For many people, sticking to a decision to work out consistently can be one of the hardest New Year’s resolutions to keep. New findings published in the journal Cell Metabolism show that a lack of dopamine, a feel-good chemical produced by the brain, might affect our desire to get up and move and help explain why many individuals end up being so sedentary, Medical News Today reports.

For the study, researchers fed a group of eight mice a normal diet and placed another group on a high-fat diet for 18 weeks. At week two, the mice on the high-fat diet started to gain significantly more weight than the control group. As expected, by week four, the obese mice were  also less energetic than their leaner counterparts when they did engage in activity.

Interestingly, scientists found that changes in movement didn’t correlate with body weight gain in the rodents. In fact, researchers noted that mice on the high-fat diet moved less before they gained the majority of their weight. This suggested that the weight gain wasn’t the reason the lab animals were less active.

Instead, findings showed that their bodies seemed to have trouble signaling dopamine, which stimulates the area of the brain associated with feelings of pleasure, motivation and reward. Scientists theorized that a deficiency of these dopamine receptors, called D2Rs, contributed to physical inactivity in obese mice. Researchers said this inactivity could be more “a consequence than a cause of obesity.”

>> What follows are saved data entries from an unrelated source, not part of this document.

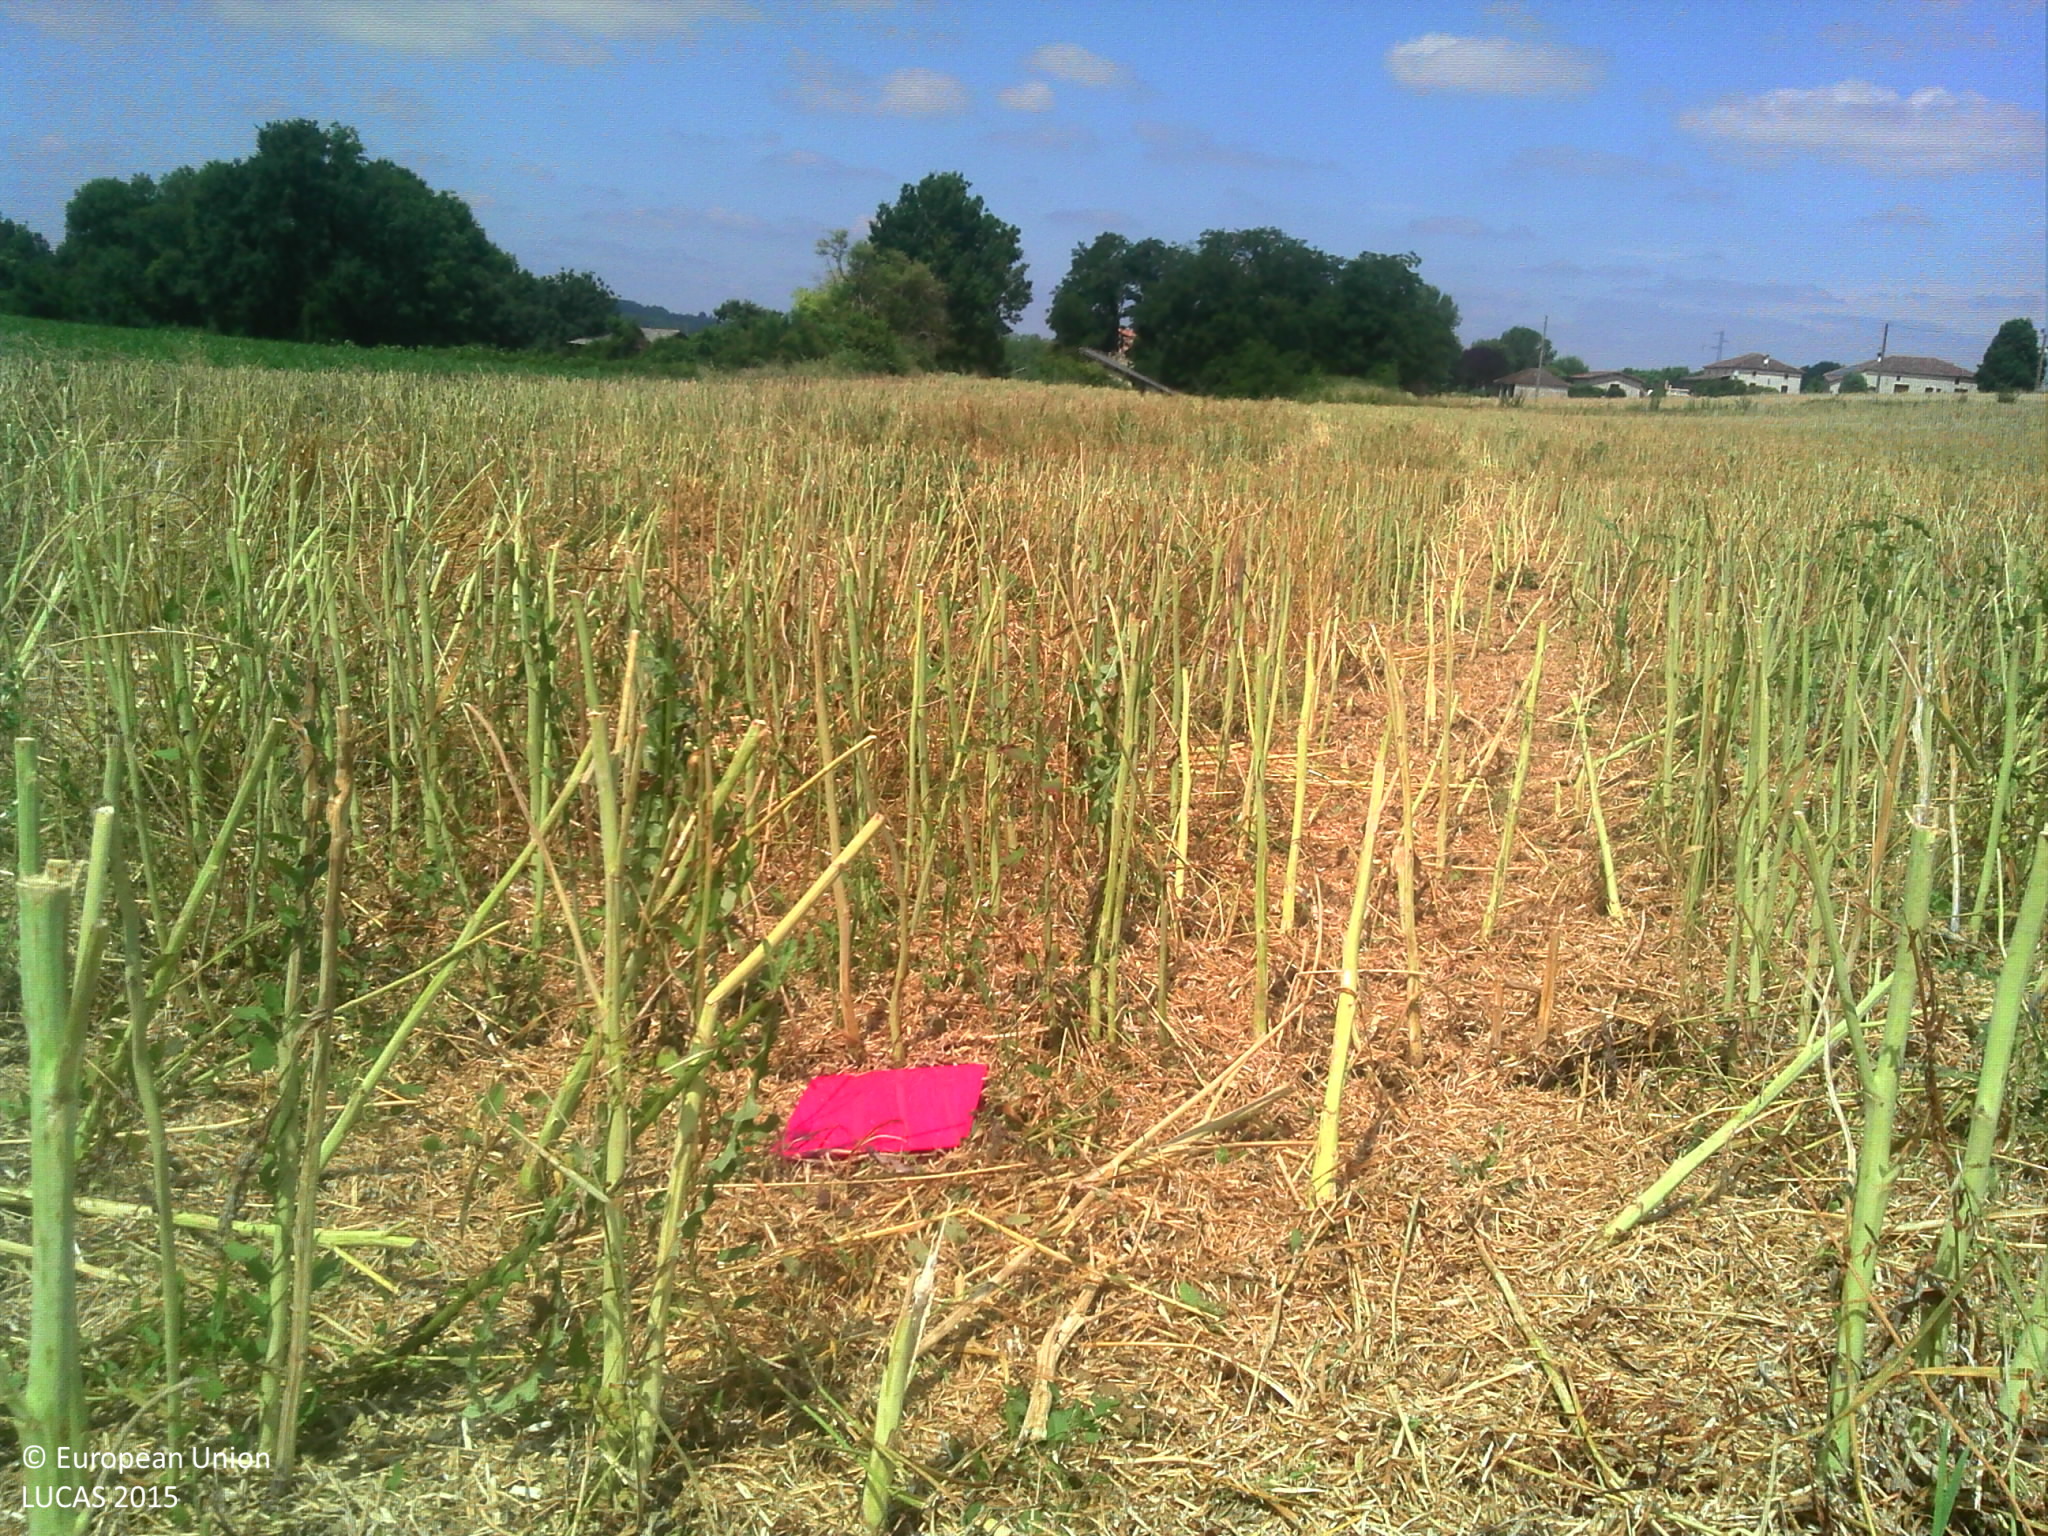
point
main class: Cropland
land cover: Rape and turnip rape
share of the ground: 25 - 50 %
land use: Agriculture (excluding fallow land and kitchen gardens)
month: June
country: FR
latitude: 44.1524
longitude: 0.9323
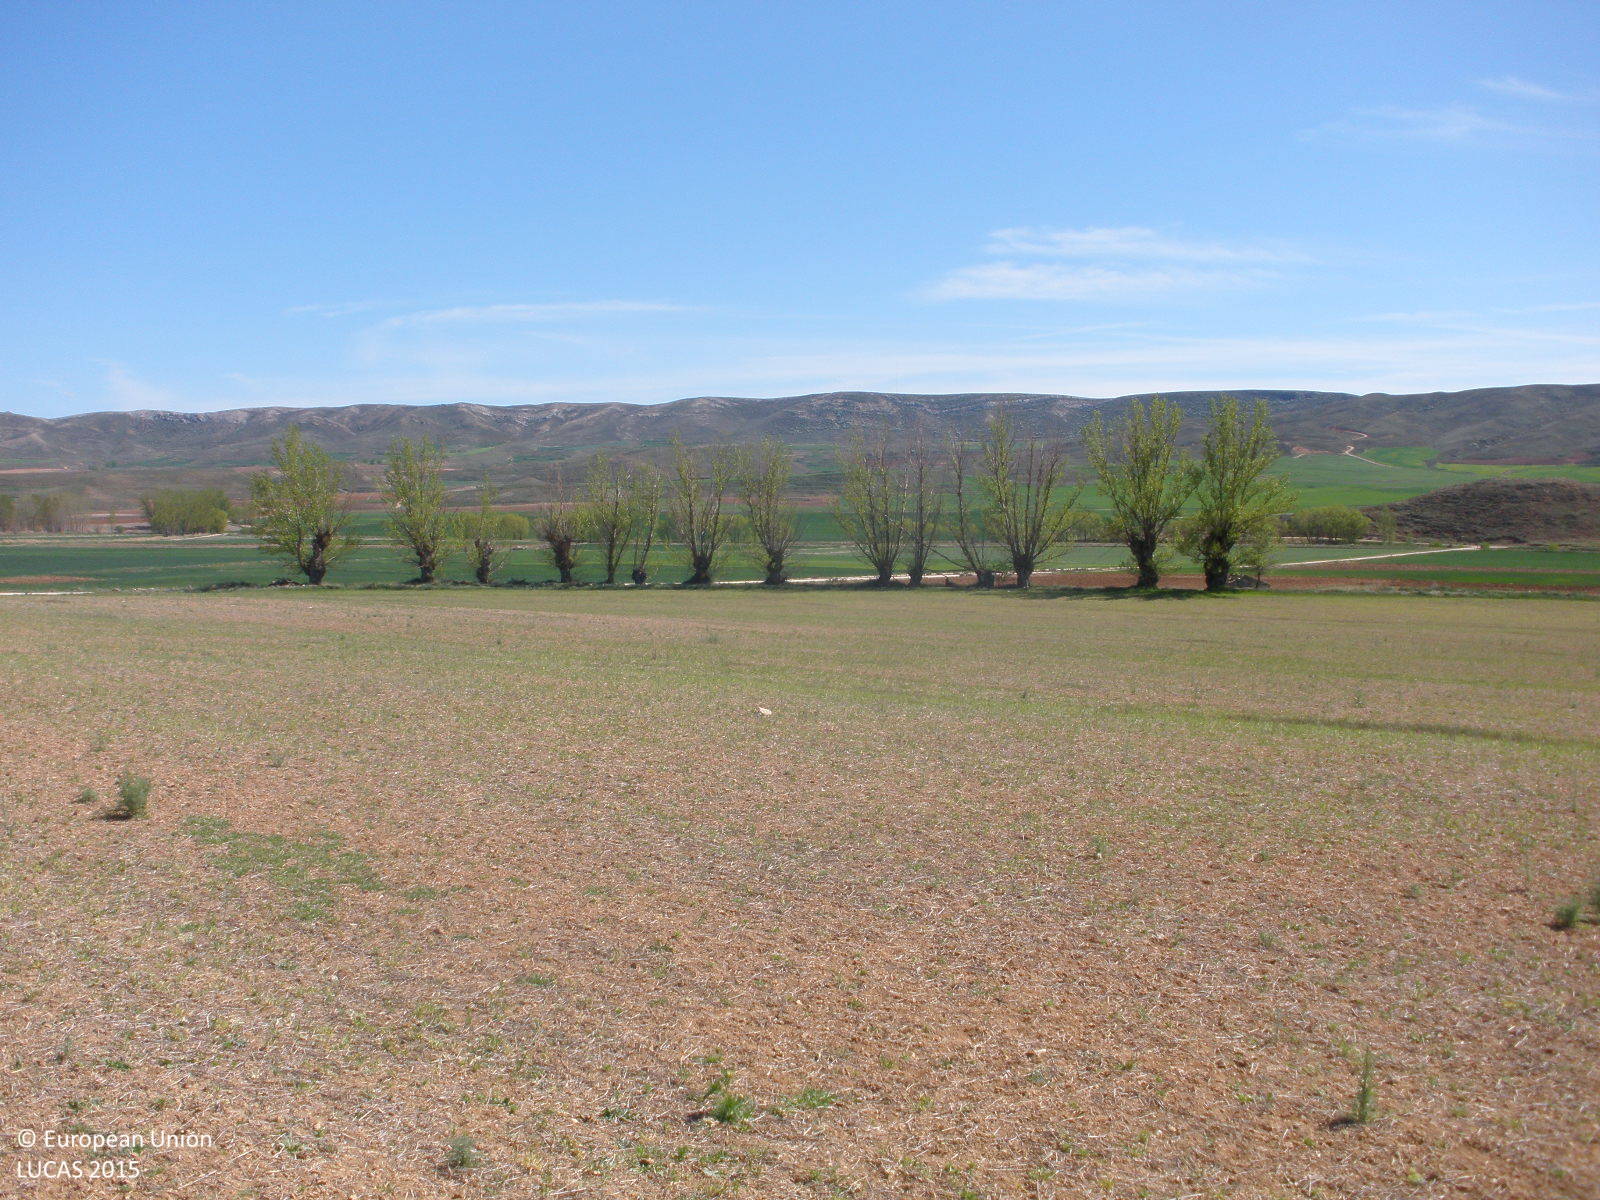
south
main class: Grassland
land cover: Spontaneously vegetated surfaces
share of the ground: 25 - 50 %
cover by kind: unconsolidated bare surface 60 %, herbaceous plants 40 %
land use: Agriculture (excluding fallow land and kitchen gardens)
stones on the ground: < 10 %
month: May
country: ES
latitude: 40.6887
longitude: -0.8157
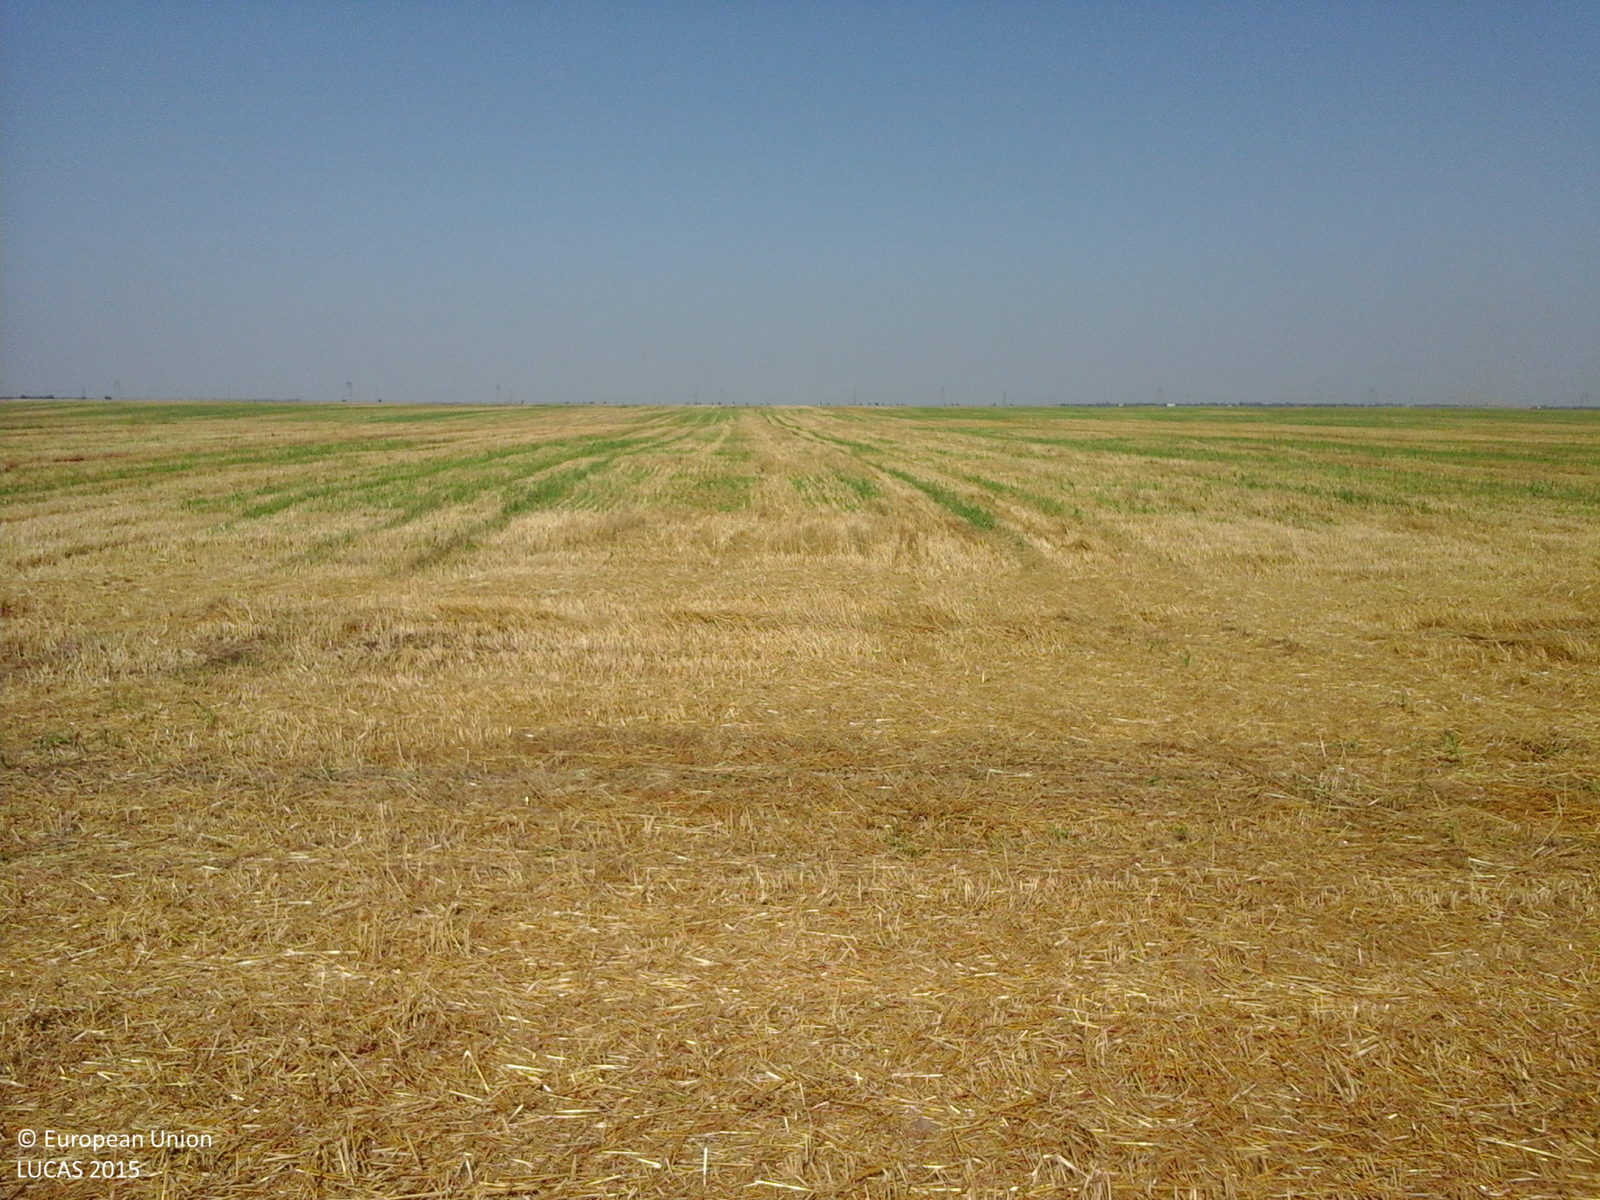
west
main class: Cropland
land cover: Common wheat
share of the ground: 10 - 25 %
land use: Agriculture (excluding fallow land and kitchen gardens)
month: July
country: RO
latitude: 44.3035
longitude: 27.3984
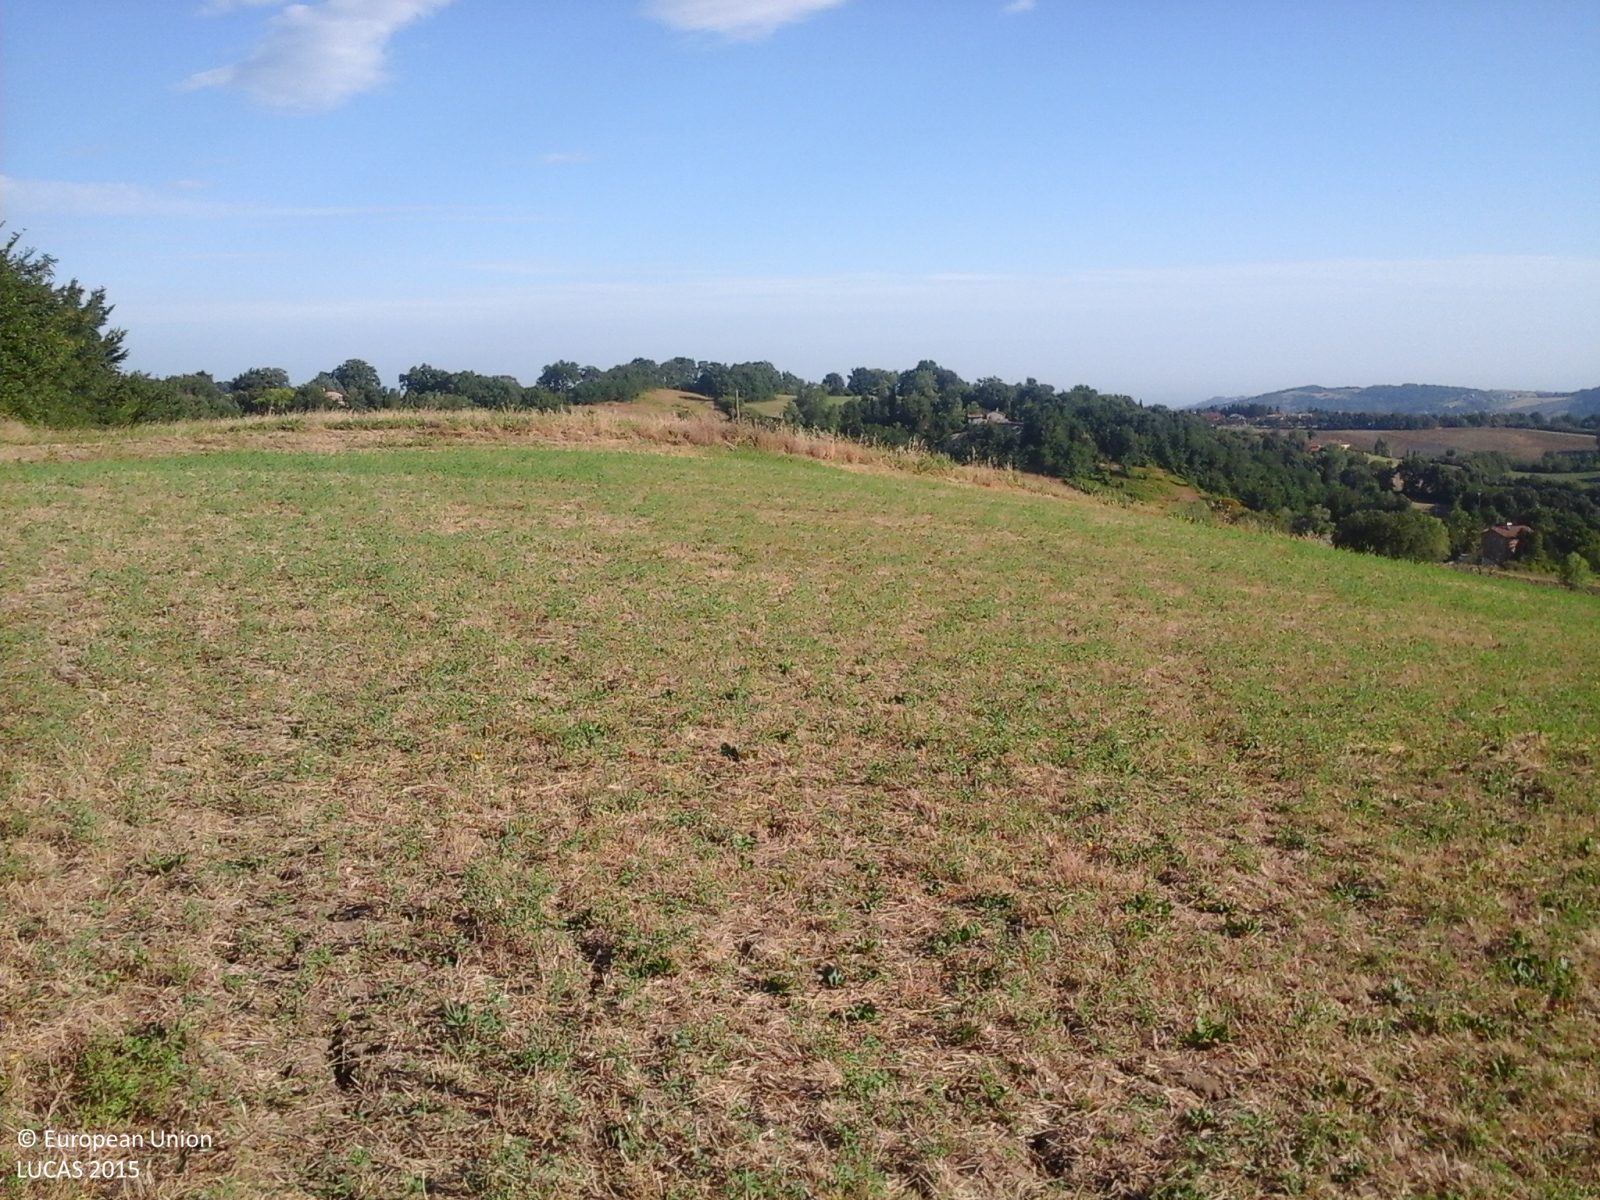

“In many cases, willpower is invoked as a way to modify behavior. But if we don’t understand the physical basis for that behavior, it is difficult to say that willpower alone can solve it,” wrote Alexxai V. Kravitz, PhD, of the Diabetes, Endocrinology and Obesity Branch of the National Institute of Diabetes and Digestive and Kidney Diseases, and the study’s lead author.

Kravitz mentioned that he’ll conduct future research to further examine the connection between diet and dopamine signaling and whether unhealthy eating can affect the body’s ability to trigger this essential hormone. He also hopes this research will help to relieve some of the stigma faced by people suffering from obesity.